:: DATA ::
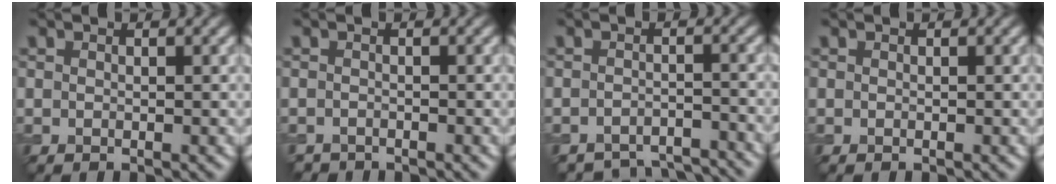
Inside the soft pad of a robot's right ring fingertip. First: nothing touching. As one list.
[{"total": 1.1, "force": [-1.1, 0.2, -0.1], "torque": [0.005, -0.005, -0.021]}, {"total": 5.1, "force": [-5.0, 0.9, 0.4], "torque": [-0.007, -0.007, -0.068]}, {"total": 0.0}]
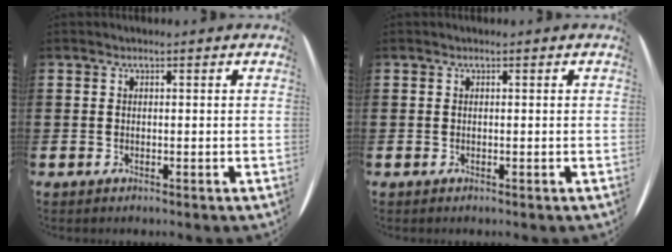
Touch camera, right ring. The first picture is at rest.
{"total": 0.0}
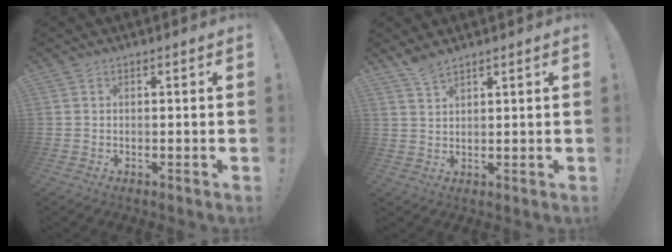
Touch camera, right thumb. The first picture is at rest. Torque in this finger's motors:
:::
YOUR TASK: What's needed is an exact copy of every entry, free of pictures.

REPLY:
Inside the soft pad of a robot's right ring fingertip. First: nothing touching. As one list.
[{"total": 1.1, "force": [-1.1, 0.2, -0.1], "torque": [0.005, -0.005, -0.021]}, {"total": 5.1, "force": [-5.0, 0.9, 0.4], "torque": [-0.007, -0.007, -0.068]}, {"total": 0.0}]
Touch camera, right ring. The first picture is at rest.
{"total": 0.0}
Touch camera, right thumb. The first picture is at rest. Torque in this finger's motors:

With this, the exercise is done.